# Need advises for getting job in Germany.



## InnocentCute (Sep 14, 2011)

Hye All.

Well i am a residene of Pakistan, wish to relocate to Germany soon, so guys i've a question is : what is the current job market situation in Germany now? although i now the recission has not over yet, should i get easily job there or have to wait for currect time for applying?

I've completed my Master level qualification from Pakistan in Finance and have a great experience in that firm.


Yours suggestion and advices will highly appreciated.


Thanks.


----------



## Bevdeforges (Nov 16, 2007)

How well do you speak German?
Cheers,
Bev


----------



## InnocentCute (Sep 14, 2011)

Well i am at beginer level, i can learn thru online.


----------



## Kawasutra (May 2, 2011)

InnocentCute said:


> Well i am at beginer level, i can learn thru online.


This is way not enough...!


----------



## Seb* (Mar 22, 2009)

InnocentCute said:


> Well i am at beginer level, i can learn thru online.


As a general rule, german employers expect their employees to be totally fluent in german. The only exceptions are highly specialised experts and contracters in a relatively small field or very low paid jobs like cleaners (where a broken german often is accepted to a degree).

In the financial filed, especially in the consumer area, you will NEED to be totally fluent. And now to the point of learning the language.
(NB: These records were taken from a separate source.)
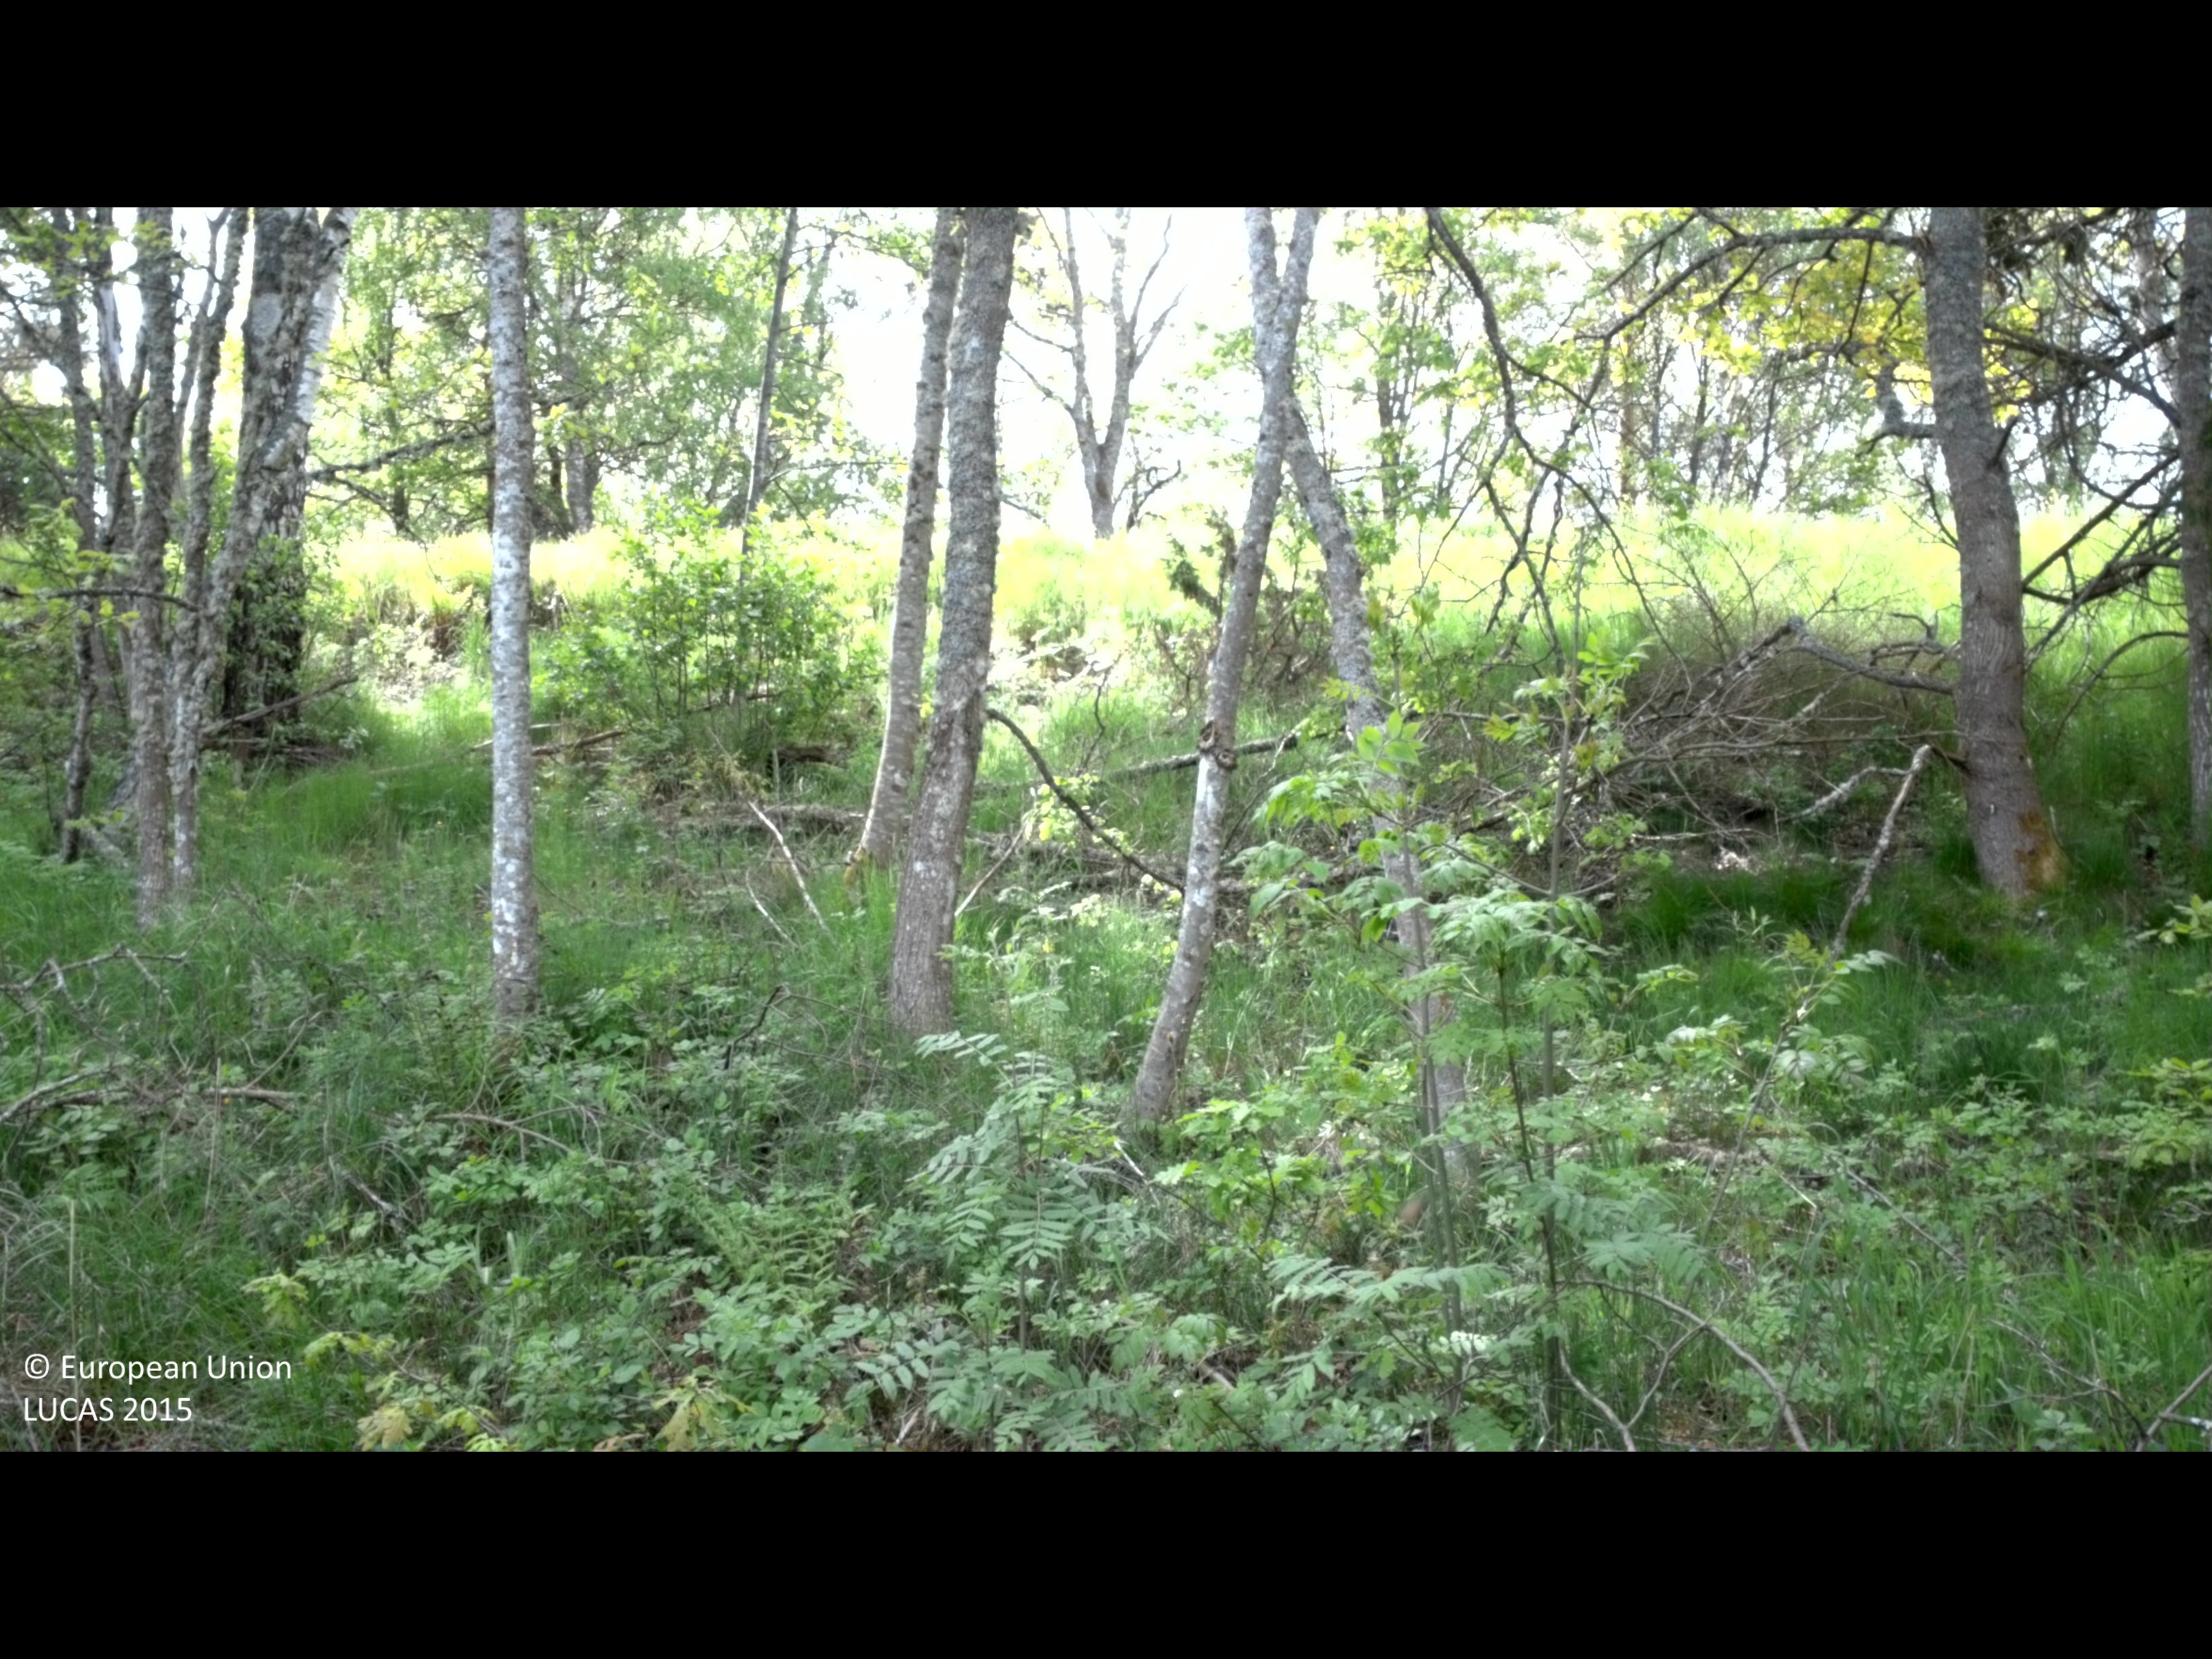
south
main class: Woodland
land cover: Broadleaved woodland
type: mire and swamp forests
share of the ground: > 75 %
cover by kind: broadleaved forest trees 75 %, shrubs 25 %
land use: Amenities, museums, leisure
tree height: > 5 m
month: May
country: SE
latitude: 57.4575
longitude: 16.3159

As a native german speaker, who learnt three different foreign european languages, I can assure you that german is one of the hardest to master, an online course won't get you -sadly - to fluent level.


----------



## InnocentCute (Sep 14, 2011)

Seb, Thank you every much 

Well i search here in Pakistanhere are only German language institute, i'll follow them and start ASAP German language course, as you sadi its a rule to enter in Germany for getting a professional job having fluent in German.

Thanks one again.


----------